Les 44 Présidents des Conseils généraux
de la droite, du centre et des indépendants
DEPOT DE PLAINTE DES CONSEILLERS GENERAUX UMP
SUITE A LA CAMPAGNE DE COMMUNICATION ENGAGEE PAR BERSON CONTRE LA REFORME DES COLLECTIVITES LOCALES
Les élus du groupe UMP du Conseil Général condamnent l’utilisation des fonds publics et de l’argent des Essonniens à des campagnes mensongères et partisanes, à fortiori lorsque celles-ci viennent en substitution de campagnes, qui visaient à promouvoir les métiers en Essonne et les talents des banlieues !
Ils se réservent également le droit de saisir la commission Nationale des Comptes de Campagne et le Conseil d’Etat.
En effet, depuis le dernier trimestre 2009 le Conseil Général de l’Essonne a engagé une campagne de désinformation de grande ampleur, sur fonds publics, sur le projet de réforme des collectivités territoriales en cours de discussion au Parlement. Cette campagne a pris la forme d’affichages, d’achat d’espaces publicitaires, de pétitions, de courriers, ou encore d’édition de brochures, sites Internet…
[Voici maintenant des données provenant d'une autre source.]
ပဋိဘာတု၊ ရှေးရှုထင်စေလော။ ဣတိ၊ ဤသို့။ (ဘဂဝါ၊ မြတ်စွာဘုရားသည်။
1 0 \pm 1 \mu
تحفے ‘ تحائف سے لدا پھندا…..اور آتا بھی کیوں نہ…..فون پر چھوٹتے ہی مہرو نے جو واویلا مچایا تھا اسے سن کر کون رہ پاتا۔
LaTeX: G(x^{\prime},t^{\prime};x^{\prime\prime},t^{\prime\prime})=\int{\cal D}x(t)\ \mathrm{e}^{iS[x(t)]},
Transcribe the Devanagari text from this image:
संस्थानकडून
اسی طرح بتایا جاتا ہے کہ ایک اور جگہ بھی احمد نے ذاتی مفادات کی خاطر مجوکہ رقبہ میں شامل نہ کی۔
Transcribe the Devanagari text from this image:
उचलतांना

Interrogé sur le coût de celle-ci lors de la dernière séance publique, Monsieur BERSON a indiqué qu’elle avait coûté 200 000 euros et que cela n’avait pas nécessité de budget supplémentaire car cette campagne avait remplacé une autre campagne d’information programmée par le Conseil général.
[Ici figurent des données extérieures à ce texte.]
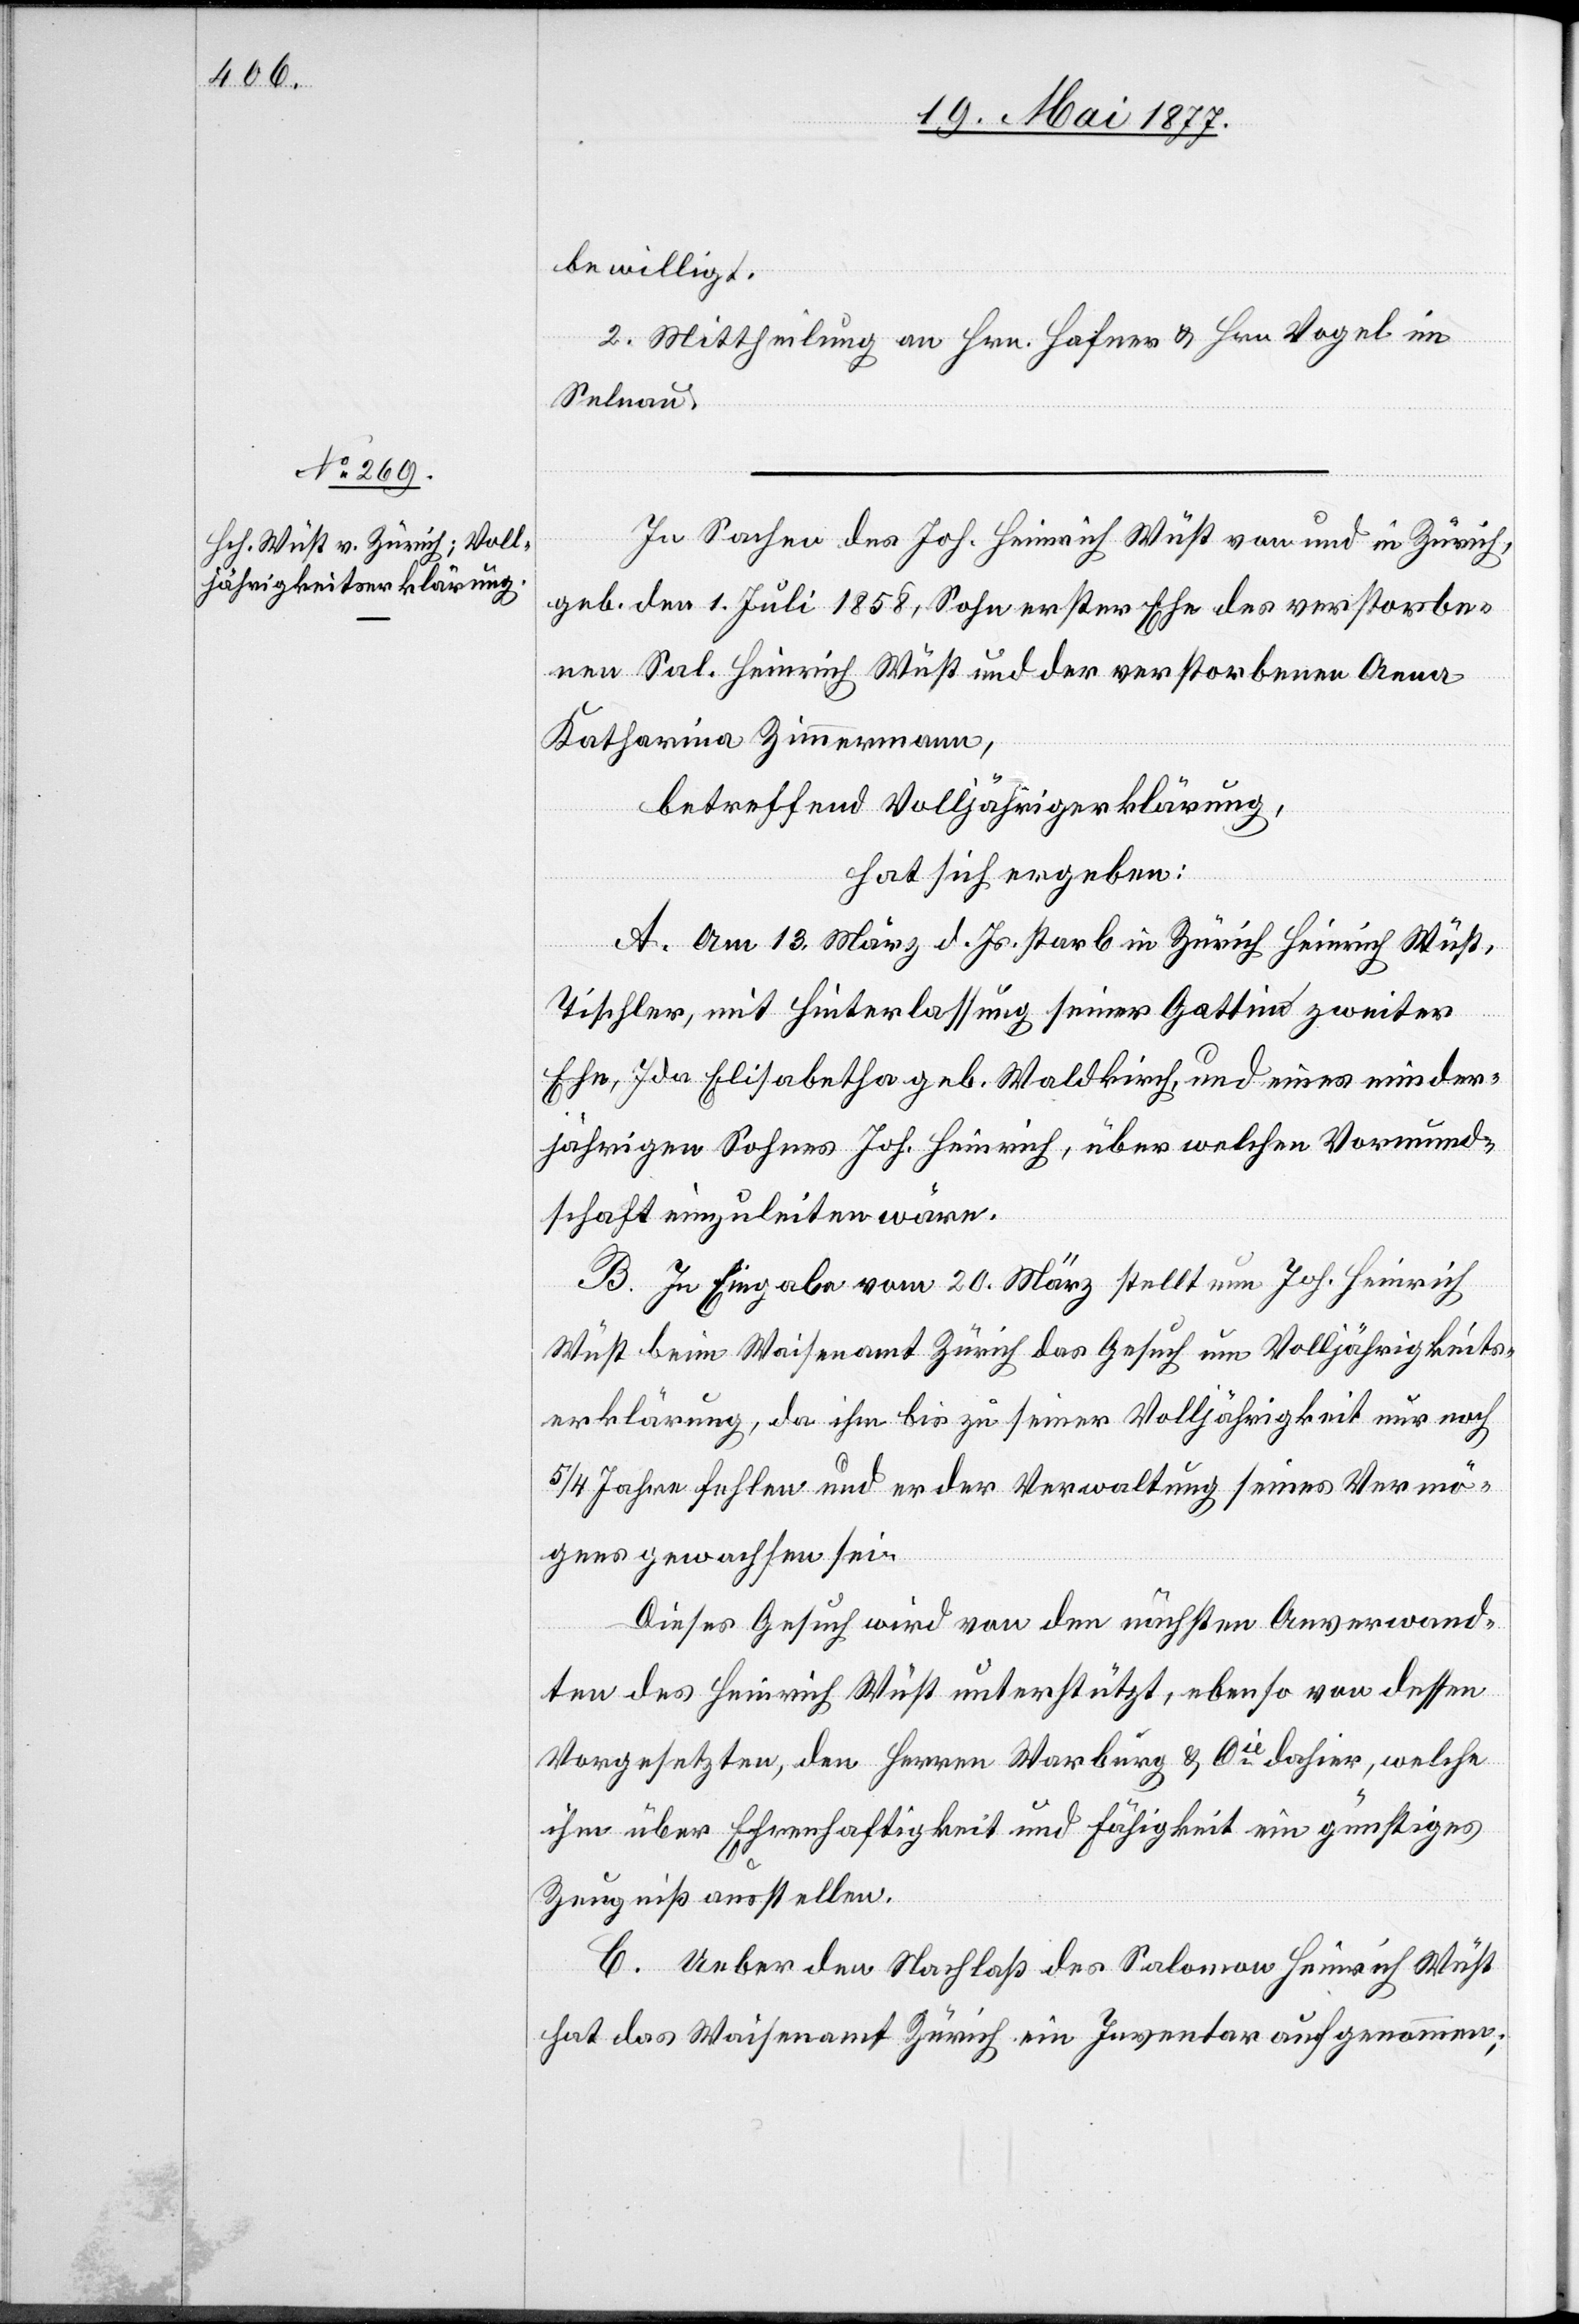
bewilligt.
2. Mittheilung an Hrn. Hafner & Hrn. Vogel im
Selnau
In Sachen des Joh. Heinrich Wüst von und in Zürich,
geb. den 1. Juni 1858, Sohn erster Ehe des verstorbe¬
nen Sal. Heinrich Wüst und der verstorbenen Anna
Katharina Zimmermann,
betreffend Volljährigerklärung,
hat sich ergeben:
A. Am 13. März d. Js. starb in Zürich Heinrich Wüst,
Tischler, mit Hinterlassung seiner Gattin zweiter
Ehe, Ida Elisabetha geb. Waldkirch, und eines minder¬
jährigen Sohnes Joh. Heinrich, über welchen Vormund¬
schaft einzuleiten wäre.
B. In Eingabe vom 20. März stellt nun Joh. Heinrich
Wüst beim Waisenamt Zürich das Gesuch um Volljährig¬
erklärung, da ihm bis zu seiner Volljährigkeit nur noch
5/4 Jahre fehlen und er der Verwaltung seines Vermö¬
gens gewachsen sei.
Dieses Gesuch wird von den nächsten Anverwand¬
ten des Heinrich Wüst unterstützt, ebenso von dessen
Vorgesetzten, den Herren Warburg & Cie dahier, welche
ihm über Ehrenhaftigkeit und Fähigkeit ein günstiges
Zeugniß ausstellen.
C. Ueber den Nachlaß des Salomon Heinrich Wüst
hat das Waisenamt Zürich ein Inventar aufgenommen;

Considérant que cette campagne peut être regardée comme une contribution en nature à la campagne de la liste socialiste de la région Ile de France et donc méconnaître les articles L. 52-8 (financement prohibé) et L. 52-12 (exhaustivité du compte de campagne).
La méconnaissance de ces dispositions est sanctionnée pénalement par l’article L 113 -1 du code électoral.
Les conseillers généraux du groupe UMP déposent plainte auprès du Procureur de la République pour utilisation de fonds publics pour une campagne d’intérêt national et n’ayant pas trait à la vie de la collectivité.
Ils rappellent à cet égard que l’ADF a souhaité, comme le soulignait le Président BERSON lors de ses vœux, que les départements ayant lancé ces campagnes les interrompent, consciente du risque qu’elles faisaient courir aux listes régionales.